- Church: Roman Catholic
- Installed: 16 June 1823
- Predecessor: Giovanni Battista de Pergen
- Successor: Giovanni Battista Bellé

Orders
- Ordination: 10 January 1796
- Consecration: by Cardinal Francesco Saverio Maria Felice Castiglioni

Personal details
- Born: 7 January 1772 Rosate, Milan
- Died: 14 December 1833 (aged 61)
- Denomination: Roman Catholic
- Residence: Mantua, Italy

= Giuseppe Maria Bozzi =

Italian priest who became Bishop of Mantua

Giuseppe Maria Bozzi (6 January 1772 - 14 December 1833) was an Italian priest who became Bishop of Mantua, based in the city of Mantua, Italy.

==Biography==
===Early years===
Giuseppe Maria Bozzi was born in Rosate, Milan on 7 January 1772.
His father, Giovanni Antonio, had a farm at Rosate, and in 1767 had married Maddalena Belloni, from the nearby town of Casorate.
He entered the seminary in Milan, and by the age of 23 was a deacon and had earned a degree in Moral Theology at the University of Pavia.
He exercised his ministry in the Milanese monastery of St. Eustorgius, in the college of the oblates of Rho, and as provost in the parish church of his native Rosata.
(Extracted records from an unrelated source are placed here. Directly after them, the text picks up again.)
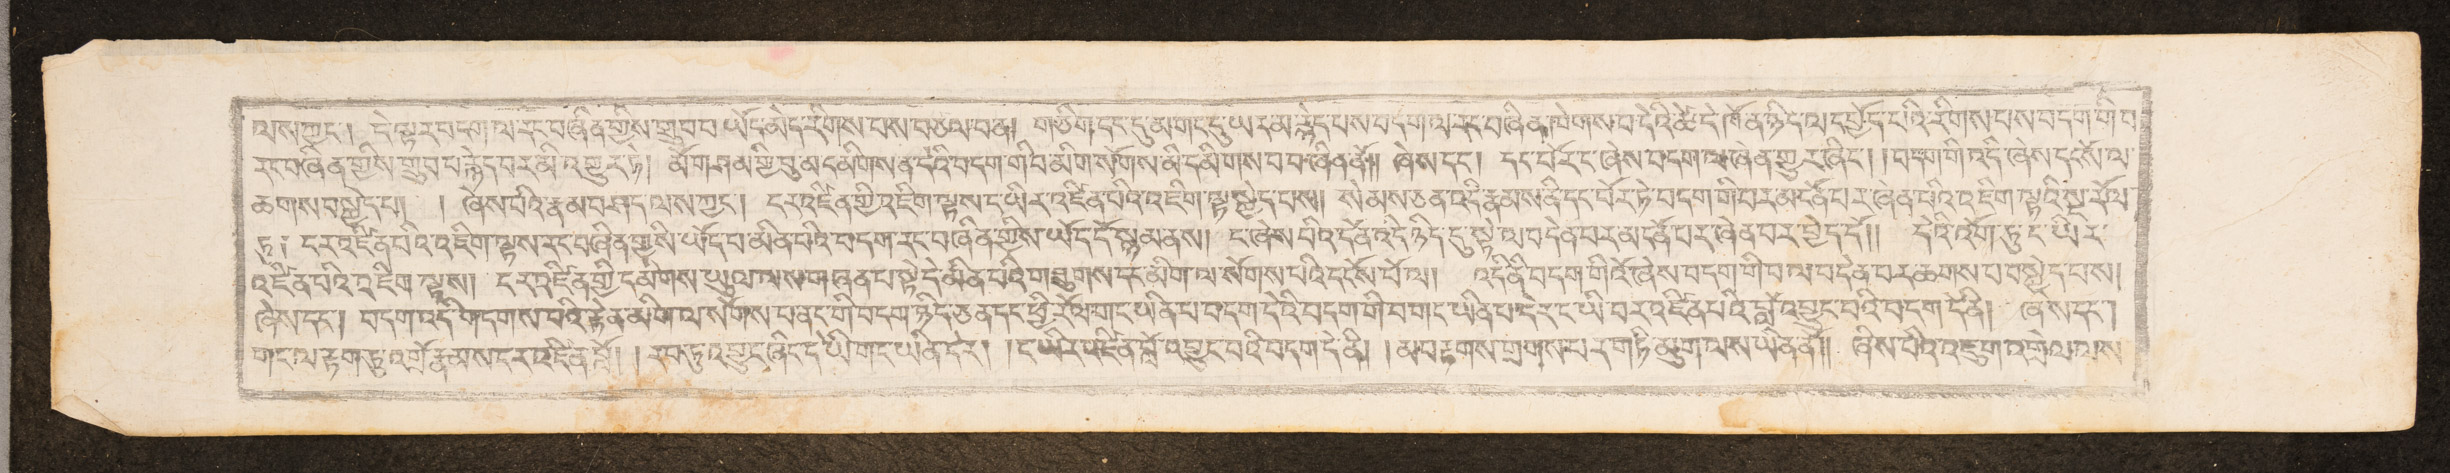ལས་ཀྱང་། དེ་ལྟར་བདག་ལ་རང་བཞིན་གྱིས་གྲུབ་པ་ཡོད་མེད་རིགས་པས་བཙལ་བ་ན། གཅིག་དང་དུ་མ་གང་དུ་ཡར་མ་རྙེད་པས་བདག་ལ་རང་བཞིན་ཁེགས་པ་དེའི་ཚེ་དེ་ཁོ་ན་ཉིད་ལ་དཔྱོད་པའི་རིགས་པས་བདག་གི་བ་
རང་བཞིན་གྱིས་གྲུབ་པ་རྙེད་པར་མི་འགྱུར་ཏེ། མོ་གཤམ་གྱི་བུ་མ་དམིགས་ན་དེའི་བདག་གི་བ་མིག་སོགས་མི་དམིགས་པ་བཞིན་ནོ། །ཞེས་དང་། དང་བོ་རང་ཞེས་བདག་ལ་ཞེན་གྱུར་ཞིང་། །བདག་གི་འདི་ཞེས་དངོས་ལ་
ཆགས་བསྐྱེད་པ། །ཞེས་པའི་རྣམ་བཤད་ལས་ཀྱང་། ངར་འཛིན་གྱི་འཇིག་ལྟས་ང་ཡིར་འཛིན་པའི་འཇིག་ལྟ་སྐྱེད་པས། སེམས་ཅན་འདི་རྣམས་ནི་བོར་ཏེ་བདག་གི་བར་མངོན་པར་ཞེན་པའི་འཇིག་ལྟའི་སྔ་རོལ་
ཏུ༑ ངར་འཛིན་པའི་འཇིག་ལྟས་རང་བཞིན་གྱིས་ཡོད་པ་མིན་པའི་བདག་རང་བཞིན་གྱིས་ཡོད་དོ་སྙམ་ནས། ང་ཞེས་པའི་དོན་འདི་ཉིད་དུ་སྟེ་ལ་བདེན་པར་མངོན་པར་ཞེན་བར་བྱེད་དོ། །དེའི་འོག་ཏུ་ང་ཡིར་
འཛིན་པའི་འཇིག་ལྟས། ངར་འཛིན་གྱི་དམིགས་ཡུལ་ལས་གཞན་པ་སྟེ་དེ་མིན་པའི་གཟུགས་དང་མིག་ལ་སོགས་པའི་དངོས་པོ་ལ། འདི་ནི་བདག་གིའོ་ཞེས་བདག་གི་བ་ལ་བདེན་པར་ཆགས་པ་བསྐྱེད་པས།
ཞེས་དང་། བདག་འདི་གདགས་པའི་རྟེན་མིག་ལ་སོགས་པ་ནང་གི་བདག་ཉིད་ཅན་དང་ཕྱི་རོལ་གང་ཡིན་པ་བདག་དེའི་བདག་གི་བ་གང་ཡིན་པ་དེར་ཡི་བར་འཛིན་པའི་བློ་འབྱུང་བའི་བདག་དེ་ནི། ཞེས་དང་།
གང་ལ་རྟག་ཏུ་འགྲོ་རྣམས་དར་འཛིན་བློ། །རབ་ཏུ་འབྱུང་ཞིང་དེ་ཡི་གང་ཡིན་དེར། །ང་ཡིར་འཛིན་བློ་འབྱུང་བའི་བདག་དེ་ནི། མ་བརྟགས་གྲགས་པར་གཏི་མུག་ལས་ཡིན་ནོ། །ཞེས་པའི་འཇུག་འགྲེལ་ལས་

Bozzi was ordained a priest on 10 January 1796.
In 1802 he was appointed parish priest of the church of S. Maria Nuova of Abbiategrasso.
He remained in this village until 1816, when he was appointed provost of Casorate Primo.

===Bishop===

Bozzi was appointed Bishop of Mantova on 16 June 1823, at the age of fifty. The position had been vacant for fifteen years.
At the time, Mantua was part of the Austro-Hungarian Empire.
The Emperor Francis I of Austria chose Bozzi and he was consecrated by the future Pope Pius VIII.
Bozzi was "preceded by a great reputation for spiritual qualities and for doctrine", as stated in a report of the time.
He undertook a pastoral visit of his diocese.
He transferred the Bishop's residence to the Palazzo Bianchi and transformed the old Bishop's Palace into a seminary.

In 1828 Bozzi became ill, and by the next year was no longer able to govern the diocese.
He died on 14 December 1833 without having recovered.
He was buried in the choir of the cathedral church.